- _Exercise prompt_
Extract precisely the lines that run from the line containing "Which crop is" to the end of the records below, with both ends included and pictures omitted.

- _Exercise input_
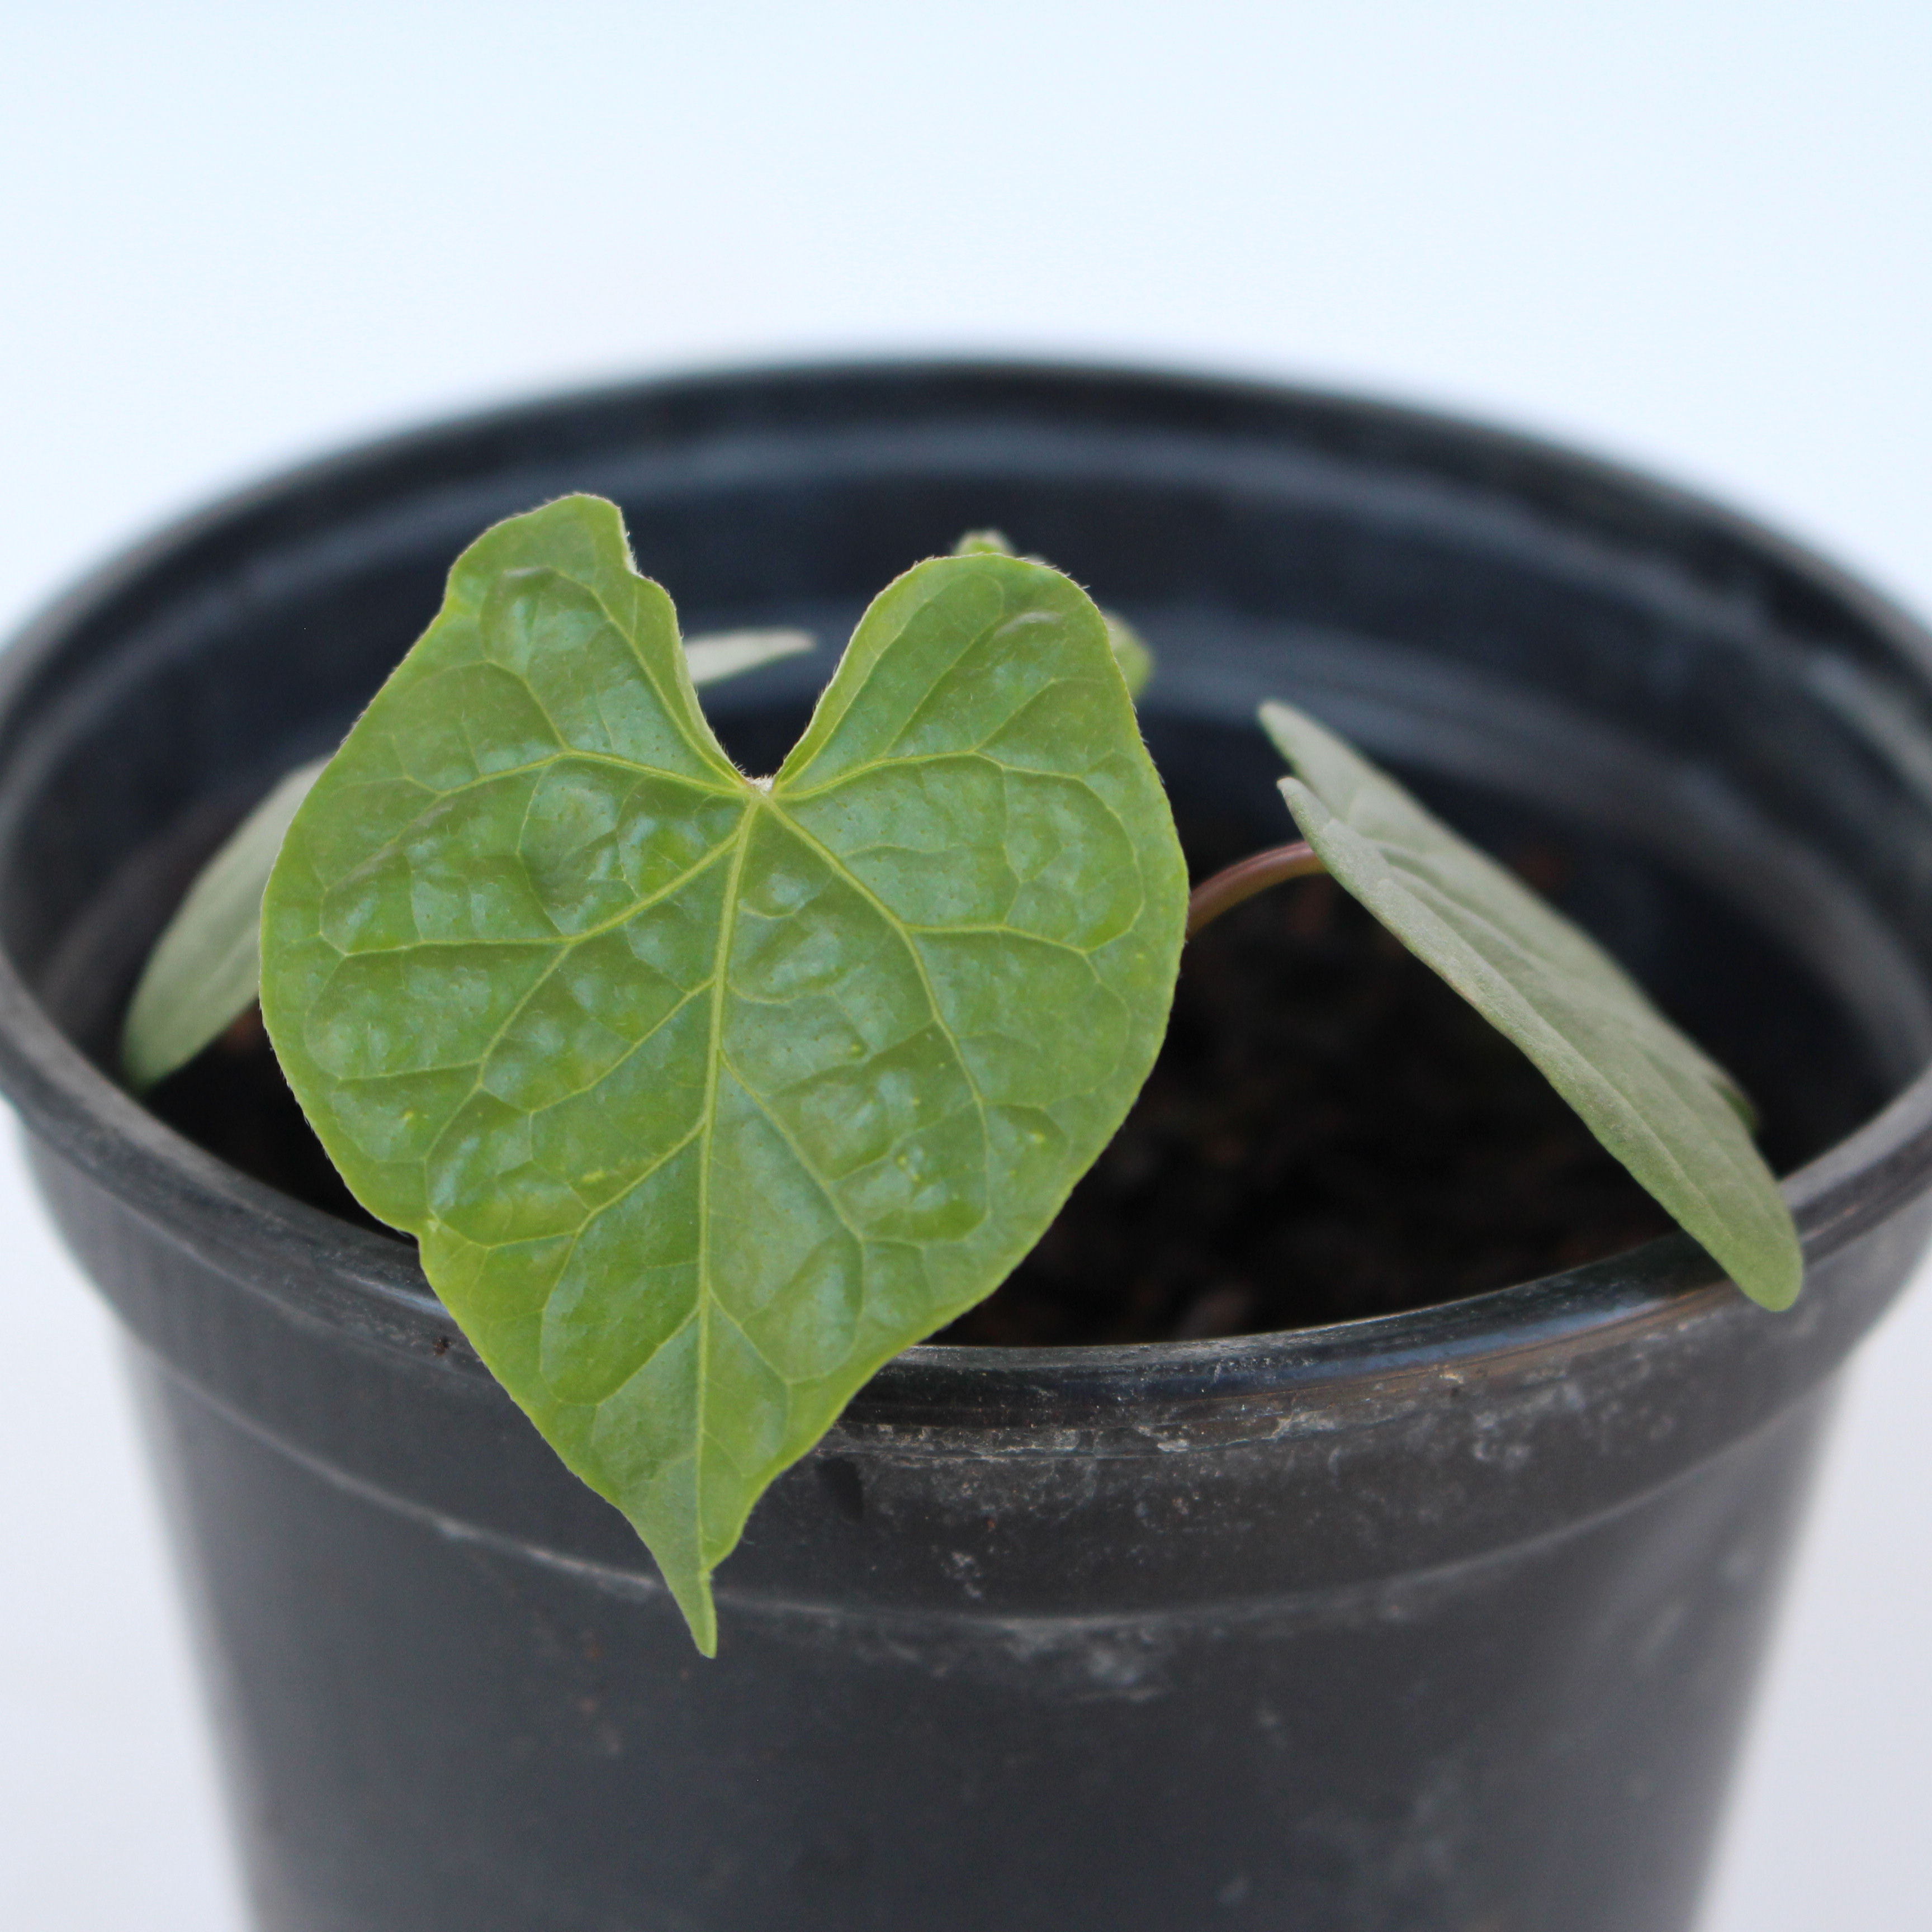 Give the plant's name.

Convolvulus arvensis
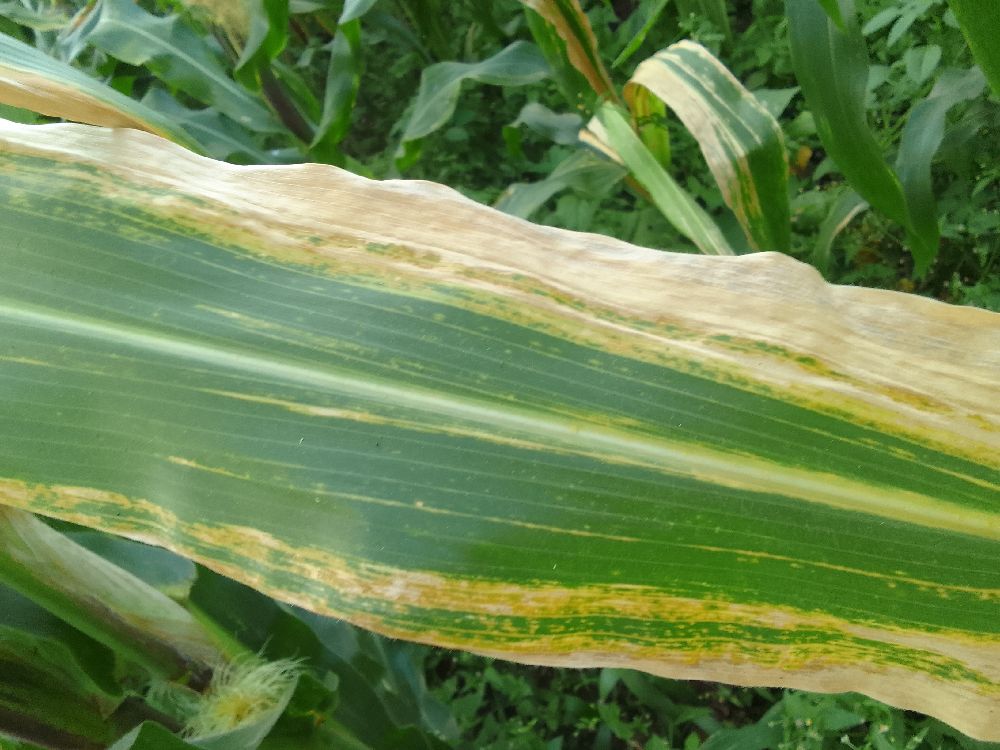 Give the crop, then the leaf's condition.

maize, maize lethal necrosis
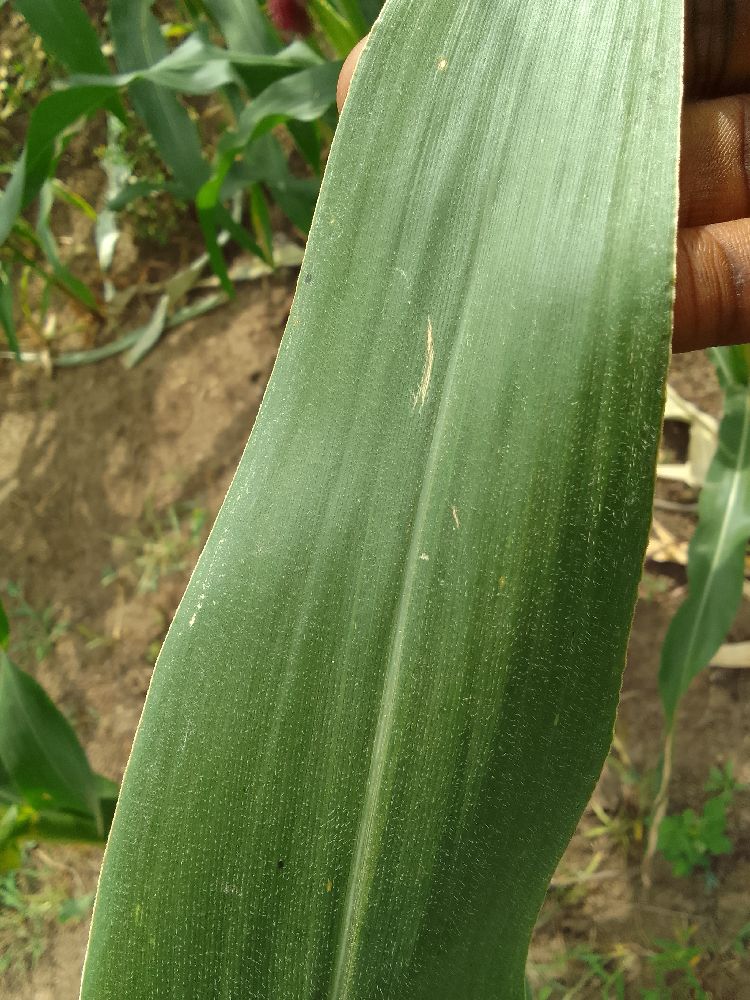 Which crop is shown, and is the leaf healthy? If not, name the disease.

maize, healthy

- _Result of the exercise_
 Which crop is shown, and is the leaf healthy? If not, name the disease.

maize, healthy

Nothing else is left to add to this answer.